- **Problem**:
Could you restate the data below word for word, without its pictures?

[Source data]
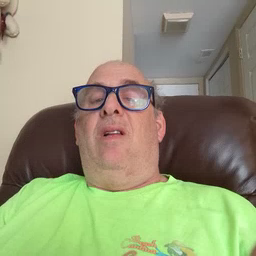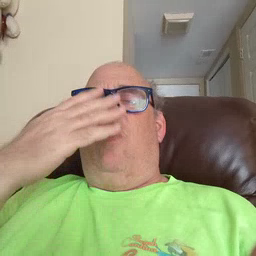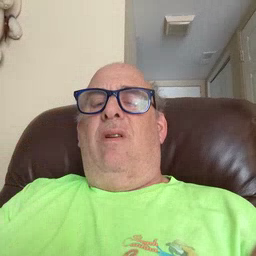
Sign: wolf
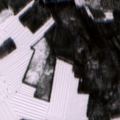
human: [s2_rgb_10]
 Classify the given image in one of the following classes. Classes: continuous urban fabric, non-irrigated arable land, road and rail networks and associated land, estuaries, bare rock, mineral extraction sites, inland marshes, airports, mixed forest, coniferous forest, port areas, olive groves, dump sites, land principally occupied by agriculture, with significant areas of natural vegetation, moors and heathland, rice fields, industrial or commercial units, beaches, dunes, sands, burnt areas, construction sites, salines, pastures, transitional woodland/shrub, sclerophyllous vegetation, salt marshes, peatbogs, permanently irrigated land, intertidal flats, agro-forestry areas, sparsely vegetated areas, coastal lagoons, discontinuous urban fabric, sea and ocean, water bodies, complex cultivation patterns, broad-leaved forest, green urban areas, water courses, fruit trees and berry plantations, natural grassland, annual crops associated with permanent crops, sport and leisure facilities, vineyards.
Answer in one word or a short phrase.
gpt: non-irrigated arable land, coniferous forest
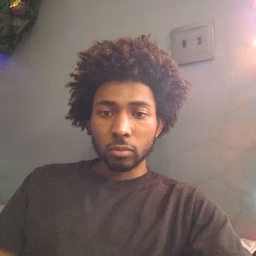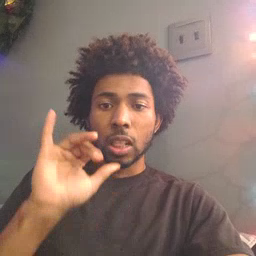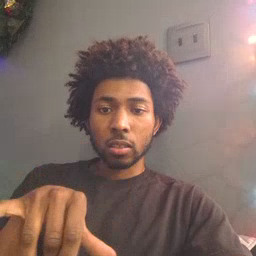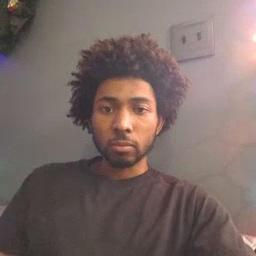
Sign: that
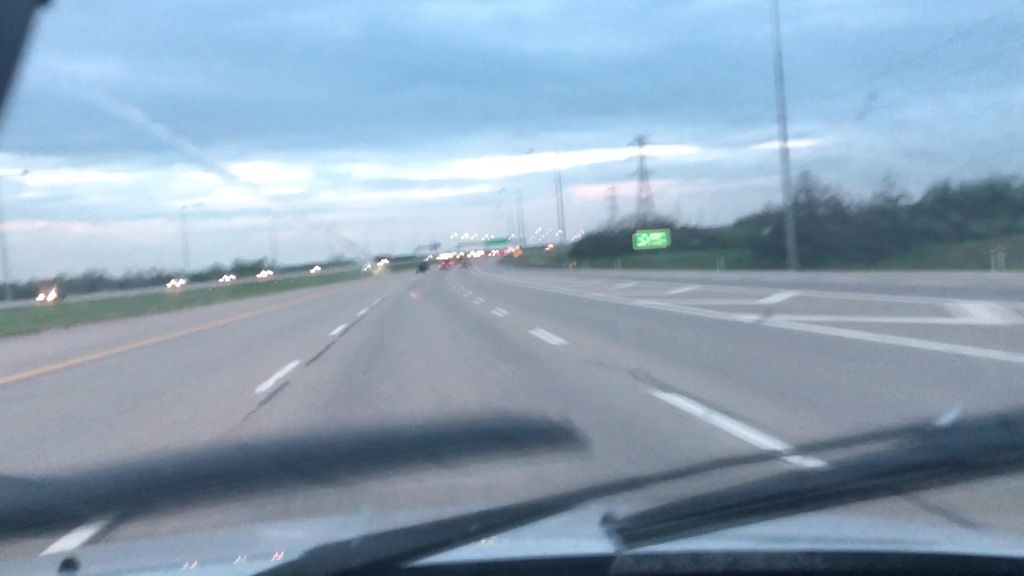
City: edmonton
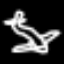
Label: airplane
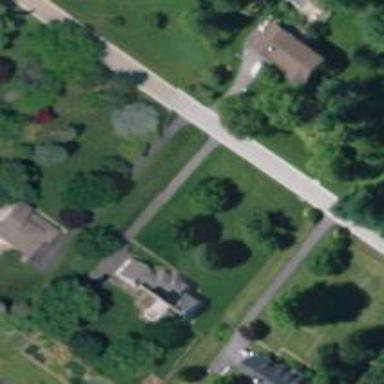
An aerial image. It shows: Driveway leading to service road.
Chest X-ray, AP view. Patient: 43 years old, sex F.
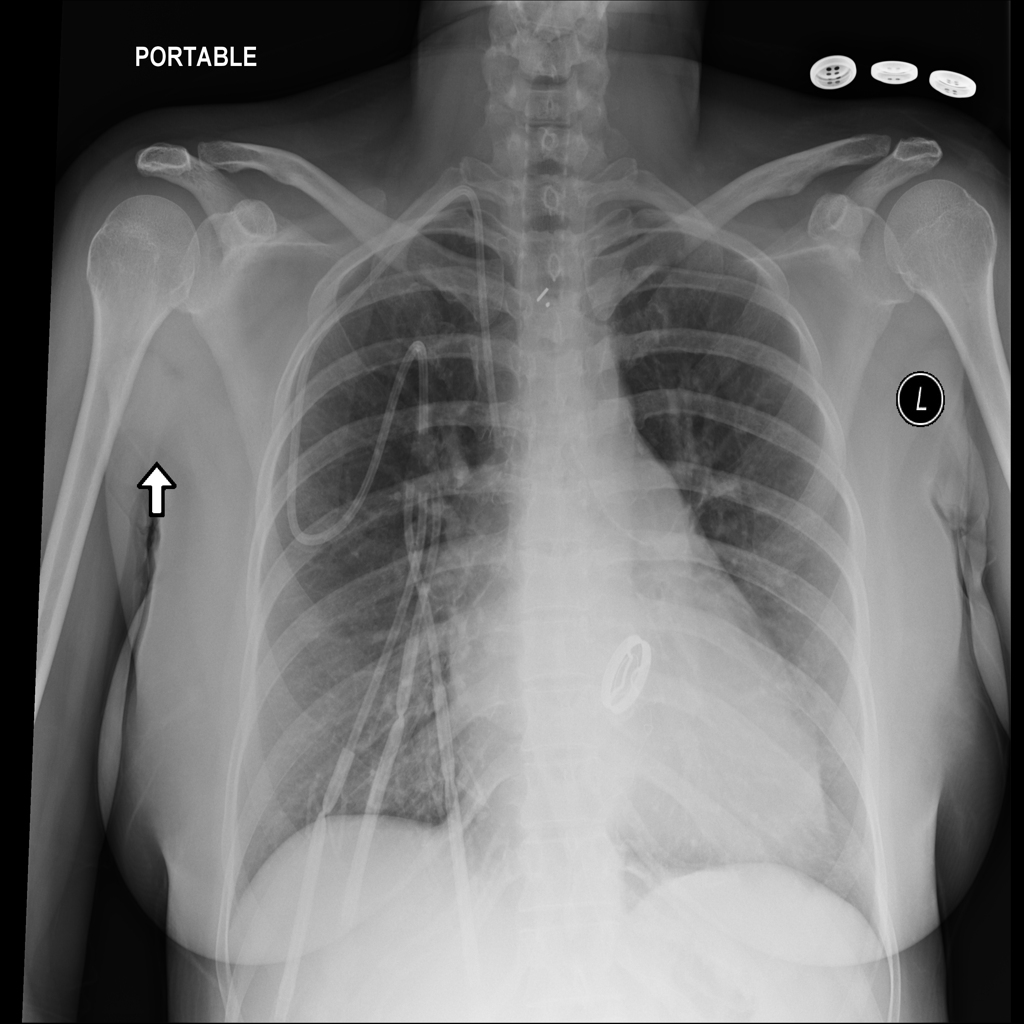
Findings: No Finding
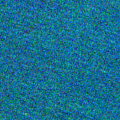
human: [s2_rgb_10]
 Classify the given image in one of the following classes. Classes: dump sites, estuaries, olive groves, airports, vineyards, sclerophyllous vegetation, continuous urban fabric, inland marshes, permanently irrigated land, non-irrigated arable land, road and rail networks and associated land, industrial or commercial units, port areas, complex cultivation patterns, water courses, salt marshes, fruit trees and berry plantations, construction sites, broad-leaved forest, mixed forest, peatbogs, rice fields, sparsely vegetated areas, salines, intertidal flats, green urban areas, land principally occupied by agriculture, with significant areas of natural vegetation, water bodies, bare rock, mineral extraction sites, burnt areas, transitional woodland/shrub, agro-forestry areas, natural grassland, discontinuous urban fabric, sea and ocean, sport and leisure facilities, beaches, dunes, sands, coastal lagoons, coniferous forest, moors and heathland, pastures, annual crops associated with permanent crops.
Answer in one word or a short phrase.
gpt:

- **Task output**:
Sign: wolf
human: [s2_rgb_10]
 Classify the given image in one of the following classes. Classes: continuous urban fabric, non-irrigated arable land, road and rail networks and associated land, estuaries, bare rock, mineral extraction sites, inland marshes, airports, mixed forest, coniferous forest, port areas, olive groves, dump sites, land principally occupied by agriculture, with significant areas of natural vegetation, moors and heathland, rice fields, industrial or commercial units, beaches, dunes, sands, burnt areas, construction sites, salines, pastures, transitional woodland/shrub, sclerophyllous vegetation, salt marshes, peatbogs, permanently irrigated land, intertidal flats, agro-forestry areas, sparsely vegetated areas, coastal lagoons, discontinuous urban fabric, sea and ocean, water bodies, complex cultivation patterns, broad-leaved forest, green urban areas, water courses, fruit trees and berry plantations, natural grassland, annual crops associated with permanent crops, sport and leisure facilities, vineyards.
Answer in one word or a short phrase.
gpt: non-irrigated arable land, coniferous forest
Sign: that
City: edmonton
Label: airplane
An aerial image. It shows: Driveway leading to service road.
Chest X-ray, AP view. Patient: 43 years old, sex F.
Findings: No Finding
human: [s2_rgb_10]
 Classify the given image in one of the following classes. Classes: dump sites, estuaries, olive groves, airports, vineyards, sclerophyllous vegetation, continuous urban fabric, inland marshes, permanently irrigated land, non-irrigated arable land, road and rail networks and associated land, industrial or commercial units, port areas, complex cultivation patterns, water courses, salt marshes, fruit trees and berry plantations, construction sites, broad-leaved forest, mixed forest, peatbogs, rice fields, sparsely vegetated areas, salines, intertidal flats, green urban areas, land principally occupied by agriculture, with significant areas of natural vegetation, water bodies, bare rock, mineral extraction sites, burnt areas, transitional woodland/shrub, agro-forestry areas, natural grassland, discontinuous urban fabric, sea and ocean, sport and leisure facilities, beaches, dunes, sands, coastal lagoons, coniferous forest, moors and heathland, pastures, annual crops associated with permanent crops.
Answer in one word or a short phrase.
gpt:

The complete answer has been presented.